I am writing a bare metal uSDHC driver for the iMX6Q based on the SDK version and am having an issue with reading (haven't tried writing yet). I can send commands to the SDHC card and get the proper responses back, so sending commands is not an issue. I believe the code for setting up for the read is also correct including the setup for the adma2. I'm using a CMD17 (read single block) to try to read the MBR (sector 0) of a known good (16GB) SDCARD using a known good OTS board from Boundary Devices. I initialize the read buffer (512 bytes) with the value 0x5a to detect what is read. This is what I get back (buffer starts at 0x104098a0):

The 55 aa at the end is correct and some of the 00 bytes may be as well. Since none of the bytes are 0x5a, 512 bytes were read from somewhere.
Below is what the data should be:

Here are the registers just before sending the command:

Below are the registers after the read (note that INT_STATUS has already been cleared):

In my setup I use three adma2 descriptors. The first one covers from the beginning of the buffer until the start of the first cache line. The read data is read into a separate uncached buffer (in DRAM), then copied into the real buffer. The second one is used to read in the rest of the data down to the last full 32 bytes (last full cache line).
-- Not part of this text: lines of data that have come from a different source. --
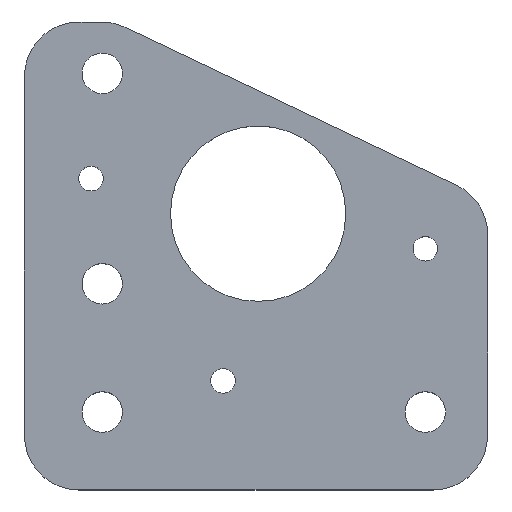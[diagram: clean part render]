
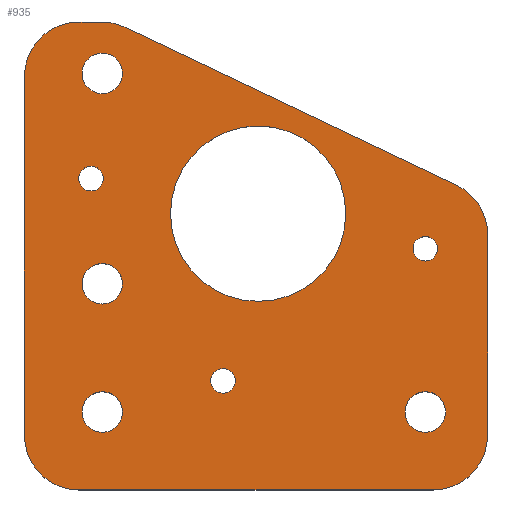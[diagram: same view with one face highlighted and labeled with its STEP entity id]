
A CAD part, top view. The second image highlights one B-rep face of the part: STEP entity #935.
In plain terms, the highlighted planar face has unit normal (0, 0, 1).
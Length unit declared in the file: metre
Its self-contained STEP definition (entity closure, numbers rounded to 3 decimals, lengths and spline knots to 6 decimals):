
#70=LINE('',#1483,#130);
#72=LINE('',#1487,#132);
#75=LINE('',#1493,#135);
#78=LINE('',#1499,#138);
#81=LINE('',#1528,#141);
#130=VECTOR('',#1179,1.);
#132=VECTOR('',#1183,1.);
#135=VECTOR('',#1188,1.);
#138=VECTOR('',#1193,1.);
#141=VECTOR('',#1228,1.);
#250=ORIENTED_EDGE('',*,*,#471,.T.);
#251=ORIENTED_EDGE('',*,*,#494,.T.);
#252=ORIENTED_EDGE('',*,*,#473,.F.);
#253=ORIENTED_EDGE('',*,*,#495,.T.);
#254=ORIENTED_EDGE('',*,*,#476,.F.);
#255=ORIENTED_EDGE('',*,*,#496,.T.);
#256=ORIENTED_EDGE('',*,*,#479,.T.);
#257=ORIENTED_EDGE('',*,*,#497,.T.);
#258=ORIENTED_EDGE('',*,*,#490,.T.);
#259=ORIENTED_EDGE('',*,*,#498,.T.);
#260=ORIENTED_EDGE('',*,*,#489,.F.);
#261=ORIENTED_EDGE('',*,*,#488,.F.);
#262=ORIENTED_EDGE('',*,*,#487,.F.);
#263=ORIENTED_EDGE('',*,*,#486,.F.);
#264=ORIENTED_EDGE('',*,*,#485,.F.);
#265=ORIENTED_EDGE('',*,*,#484,.F.);
#266=ORIENTED_EDGE('',*,*,#482,.F.);
#267=ORIENTED_EDGE('',*,*,#493,.F.);
#471=EDGE_CURVE('',#599,#598,#70,.T.);
#473=EDGE_CURVE('',#600,#601,#72,.T.);
#476=EDGE_CURVE('',#602,#603,#75,.T.);
#479=EDGE_CURVE('',#604,#605,#78,.T.);
#482=EDGE_CURVE('',#606,#606,#676,.T.);
#484=EDGE_CURVE('',#608,#608,#678,.T.);
#485=EDGE_CURVE('',#609,#609,#679,.T.);
#486=EDGE_CURVE('',#610,#610,#680,.T.);
#487=EDGE_CURVE('',#611,#611,#681,.T.);
#488=EDGE_CURVE('',#612,#612,#682,.T.);
#489=EDGE_CURVE('',#613,#613,#683,.T.);
#490=EDGE_CURVE('',#614,#615,#81,.T.);
#493=EDGE_CURVE('',#616,#616,#684,.T.);
#494=EDGE_CURVE('',#598,#601,#685,.T.);
#495=EDGE_CURVE('',#600,#603,#686,.T.);
#496=EDGE_CURVE('',#602,#604,#687,.T.);
#497=EDGE_CURVE('',#605,#614,#688,.T.);
#498=EDGE_CURVE('',#615,#599,#689,.T.);
#598=VERTEX_POINT('',#1482);
#599=VERTEX_POINT('',#1484);
#600=VERTEX_POINT('',#1488);
#601=VERTEX_POINT('',#1489);
#602=VERTEX_POINT('',#1494);
#603=VERTEX_POINT('',#1495);
#604=VERTEX_POINT('',#1500);
#605=VERTEX_POINT('',#1501);
#606=VERTEX_POINT('',#1506);
#608=VERTEX_POINT('',#1511);
#609=VERTEX_POINT('',#1514);
#610=VERTEX_POINT('',#1517);
#611=VERTEX_POINT('',#1520);
#612=VERTEX_POINT('',#1523);
#613=VERTEX_POINT('',#1526);
#614=VERTEX_POINT('',#1529);
#615=VERTEX_POINT('',#1530);
#616=VERTEX_POINT('',#1535);
#676=CIRCLE('',#1022,0.0026);
#678=CIRCLE('',#1025,0.001575);
#679=CIRCLE('',#1027,0.0026);
#680=CIRCLE('',#1029,0.0026);
#681=CIRCLE('',#1031,0.001575);
#682=CIRCLE('',#1033,0.001575);
#683=CIRCLE('',#1035,0.01125);
#684=CIRCLE('',#1038,0.0026);
#685=CIRCLE('',#1040,0.007);
#686=CIRCLE('',#1041,0.007);
#687=CIRCLE('',#1042,0.007);
#688=CIRCLE('',#1043,0.007);
#689=CIRCLE('',#1044,0.007);
#746=EDGE_LOOP('',(#250,#251,#252,#253,#254,#255,#256,#257,#258,#259));
#747=EDGE_LOOP('',(#260));
#748=EDGE_LOOP('',(#261));
#749=EDGE_LOOP('',(#262));
#750=EDGE_LOOP('',(#263));
#751=EDGE_LOOP('',(#264));
#752=EDGE_LOOP('',(#265));
#753=EDGE_LOOP('',(#266));
#754=EDGE_LOOP('',(#267));
#839=FACE_BOUND('',#746,.T.);
#840=FACE_BOUND('',#747,.T.);
#841=FACE_BOUND('',#748,.T.);
#842=FACE_BOUND('',#749,.T.);
#843=FACE_BOUND('',#750,.T.);
#844=FACE_BOUND('',#751,.T.);
#845=FACE_BOUND('',#752,.T.);
#846=FACE_BOUND('',#753,.T.);
#847=FACE_BOUND('',#754,.T.);
#902=PLANE('',#1039);
#935=ADVANCED_FACE('',(#839,#840,#841,#842,#843,#844,#845,#846,#847),#902,
 .T.);
#1022=AXIS2_PLACEMENT_3D('',#1505,#1198,#1199);
#1025=AXIS2_PLACEMENT_3D('',#1510,#1204,#1205);
#1027=AXIS2_PLACEMENT_3D('',#1513,#1208,#1209);
#1029=AXIS2_PLACEMENT_3D('',#1516,#1212,#1213);
#1031=AXIS2_PLACEMENT_3D('',#1519,#1216,#1217);
#1033=AXIS2_PLACEMENT_3D('',#1522,#1220,#1221);
#1035=AXIS2_PLACEMENT_3D('',#1525,#1224,#1225);
#1038=AXIS2_PLACEMENT_3D('',#1534,#1233,#1234);
#1039=AXIS2_PLACEMENT_3D('',#1536,#1235,#1236);
#1040=AXIS2_PLACEMENT_3D('',#1537,#1237,#1238);
#1041=AXIS2_PLACEMENT_3D('',#1538,#1239,#1240);
#1042=AXIS2_PLACEMENT_3D('',#1539,#1241,#1242);
#1043=AXIS2_PLACEMENT_3D('',#1540,#1243,#1244);
#1044=AXIS2_PLACEMENT_3D('',#1541,#1245,#1246);
#1179=DIRECTION('',(-0.903,0.43,0.));
#1183=DIRECTION('',(1.,0.,0.));
#1188=DIRECTION('',(0.,1.,0.));
#1193=DIRECTION('',(1.,0.,0.));
#1198=DIRECTION('',(0.,0.,1.));
#1199=DIRECTION('',(1.,0.,0.));
#1204=DIRECTION('',(0.,0.,1.));
#1205=DIRECTION('',(1.,0.,0.));
#1208=DIRECTION('',(0.,0.,1.));
#1209=DIRECTION('',(1.,0.,0.));
#1212=DIRECTION('',(0.,0.,1.));
#1213=DIRECTION('',(1.,0.,0.));
#1216=DIRECTION('',(0.,0.,1.));
#1217=DIRECTION('',(1.,0.,0.));
#1220=DIRECTION('',(0.,0.,1.));
#1221=DIRECTION('',(1.,0.,0.));
#1224=DIRECTION('',(0.,0.,1.));
#1225=DIRECTION('',(1.,0.,0.));
#1228=DIRECTION('',(0.,1.,0.));
#1233=DIRECTION('',(0.,0.,1.));
#1234=DIRECTION('',(1.,0.,0.));
#1235=DIRECTION('',(0.,0.,1.));
#1236=DIRECTION('',(1.,0.,0.));
#1237=DIRECTION('',(0.,0.,1.));
#1238=DIRECTION('',(1.,0.,0.));
#1239=DIRECTION('',(0.,0.,1.));
#1240=DIRECTION('',(1.,0.,0.));
#1241=DIRECTION('',(0.,0.,1.));
#1242=DIRECTION('',(1.,0.,0.));
#1243=DIRECTION('',(0.,0.,1.));
#1244=DIRECTION('',(1.,0.,0.));
#1245=DIRECTION('',(0.,0.,1.));
#1246=DIRECTION('',(1.,0.,0.));
#1482=CARTESIAN_POINT('',(0.00292,0.049373,0.0454));
#1483=CARTESIAN_POINT('',(0.029727,0.036604,0.0454));
#1484=CARTESIAN_POINT('',(0.045464,0.029108,0.0454));
#1487=CARTESIAN_POINT('',(-0.004254,0.050053,0.0454));
#1488=CARTESIAN_POINT('',(-0.003,0.050053,0.0454));
#1489=CARTESIAN_POINT('',(-0.00009,0.050053,0.0454));
#1493=CARTESIAN_POINT('',(-0.01,0.030027,0.0454));
#1494=CARTESIAN_POINT('',(-0.01,-0.003,0.0454));
#1495=CARTESIAN_POINT('',(-0.01,0.043053,0.0454));
#1499=CARTESIAN_POINT('',(0.029727,-0.01,0.0454));
#1500=CARTESIAN_POINT('',(-0.003,-0.01,0.0454));
#1501=CARTESIAN_POINT('',(0.042453,-0.01,0.0454));
#1505=CARTESIAN_POINT('',(0.,0.016453,0.0454));
#1506=CARTESIAN_POINT('',(0.0026,0.016453,0.0454));
#1510=CARTESIAN_POINT('',(-0.001453,0.029953,0.0454));
#1511=CARTESIAN_POINT('',(0.000122,0.029953,0.0454));
#1513=CARTESIAN_POINT('',(0.,0.,0.0454));
#1514=CARTESIAN_POINT('',(0.0026,0.,0.0454));
#1516=CARTESIAN_POINT('',(0.041453,0.,0.0454));
#1517=CARTESIAN_POINT('',(0.044053,0.,0.0454));
#1519=CARTESIAN_POINT('',(0.041453,0.020953,0.0454));
#1520=CARTESIAN_POINT('',(0.043028,0.020953,0.0454));
#1522=CARTESIAN_POINT('',(0.0155,0.004,0.0454));
#1523=CARTESIAN_POINT('',(0.017075,0.004,0.0454));
#1525=CARTESIAN_POINT('',(0.02,0.025453,0.0454));
#1526=CARTESIAN_POINT('',(0.03125,0.025453,0.0454));
#1528=CARTESIAN_POINT('',(0.049453,0.,0.0454));
#1529=CARTESIAN_POINT('',(0.049453,-0.003,0.0454));
#1530=CARTESIAN_POINT('',(0.049453,0.022789,0.0454));
#1534=CARTESIAN_POINT('',(0.,0.043453,0.0454));
#1535=CARTESIAN_POINT('',(0.0026,0.043453,0.0454));
#1536=CARTESIAN_POINT('',(0.019727,0.020027,0.0454));
#1537=CARTESIAN_POINT('',(-0.00009,0.043053,0.0454));
#1538=CARTESIAN_POINT('',(-0.003,0.043053,0.0454));
#1539=CARTESIAN_POINT('',(-0.003,-0.003,0.0454));
#1540=CARTESIAN_POINT('',(0.042453,-0.003,0.0454));
#1541=CARTESIAN_POINT('',(0.042453,0.022789,0.0454));

This data is read into physical memory, then the virtual memory is invalidated forcing the cache to be re-loaded. The third descriptor is used to read anything left over, and acts like the first one.
The adma2 descriptors are set up (in uncached DRAM) in this example such that, the buffer was started on a cache line so only two of the descriptor are used (third one not needed). There doesn’t appear to be any descriptor errors (AMDA_ERR_STATUS = 0), and the addresses of the 2 descriptors used are 0x184000C0, and 0x184000C8. The ADMA_SYS_ADDR reg shows 0x184000D0 which shows that the 2 descriptors used were executed. No errors are reported in the INT_STATUS reg.
It has the appearance of some kind of timing issue or data not ready, card can send data fast enough (@25MHz). Both CIHB and CDIHB are checked as you can see in the attached code.
Any ideas where to start looking for errors as to why the data is incorrect?